Records from a dataset:
____

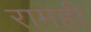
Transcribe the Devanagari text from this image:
रामही
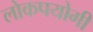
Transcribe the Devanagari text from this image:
लोकपयोगी
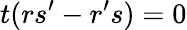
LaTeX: t(rs^{\prime}-r^{\prime}s)=0
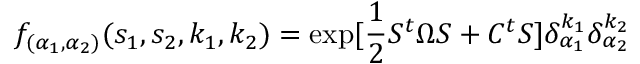
f _ { ( \alpha _ { 1 } , \alpha _ { 2 } ) } ( s _ { 1 } , s _ { 2 } , k _ { 1 } , k _ { 2 } ) = \exp [ \frac { 1 } { 2 } S ^ { t } \Omega S + C ^ { t } S ] \delta _ { \alpha _ { 1 } } ^ { k _ { 1 } } \delta _ { \alpha _ { 2 } } ^ { k _ { 2 } }
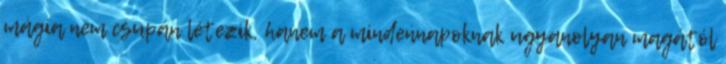
mágia nem csupán létezik, hanem a mindennapoknak ugyanolyan magától
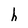
Character: h
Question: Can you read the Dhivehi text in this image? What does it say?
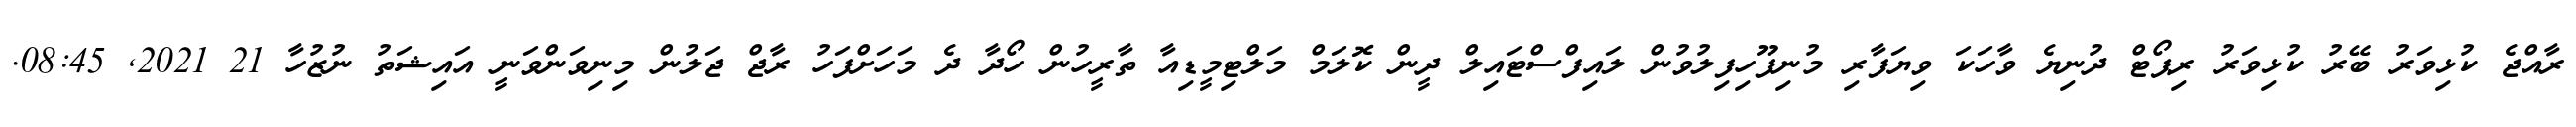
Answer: ރާއްޖެ ކުޅިވަރު ބޭރު ކުޅިވަރު ރިޕޯޓް ދުނިޔެ ވާހަކަ ވިޔަފާރި މުނިފޫހިފިލުވުން ލައިފްސްޓައިލް ދީން ކޮލަމް މަލްޓިމީޑިއާ ތާރީހުން ހޯދާ ދެ މަހަށްފަހު ރާޖް ޖަލުން މިނިވަންވަނީ އައިޝަތު ނުޒުހާ 21 2021, 08:45.
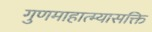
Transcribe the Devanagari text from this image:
गुणमाहात्म्यासक्ति
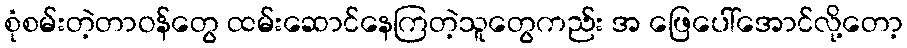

____

YOUR ASSIGNMENT
Could you give all the records again, exactly, minus the pictures?

EXERCISE ANSWER
Transcribe the Devanagari text from this image:
रामही
Transcribe the Devanagari text from this image:
लोकपयोगी
LaTeX: t(rs^{\prime}-r^{\prime}s)=0
f _ { ( \alpha _ { 1 } , \alpha _ { 2 } ) } ( s _ { 1 } , s _ { 2 } , k _ { 1 } , k _ { 2 } ) = \exp [ \frac { 1 } { 2 } S ^ { t } \Omega S + C ^ { t } S ] \delta _ { \alpha _ { 1 } } ^ { k _ { 1 } } \delta _ { \alpha _ { 2 } } ^ { k _ { 2 } }
mágia nem csupán létezik, hanem a mindennapoknak ugyanolyan magától
Character: h
Question: Can you read the Dhivehi text in this image? What does it say?
Answer: ރާއްޖެ ކުޅިވަރު ބޭރު ކުޅިވަރު ރިޕޯޓް ދުނިޔެ ވާހަކަ ވިޔަފާރި މުނިފޫހިފިލުވުން ލައިފްސްޓައިލް ދީން ކޮލަމް މަލްޓިމީޑިއާ ތާރީހުން ހޯދާ ދެ މަހަށްފަހު ރާޖް ޖަލުން މިނިވަންވަނީ އައިޝަތު ނުޒުހާ 21 2021, 08:45.
Transcribe the Devanagari text from this image:
गुणमाहात्म्यासक्ति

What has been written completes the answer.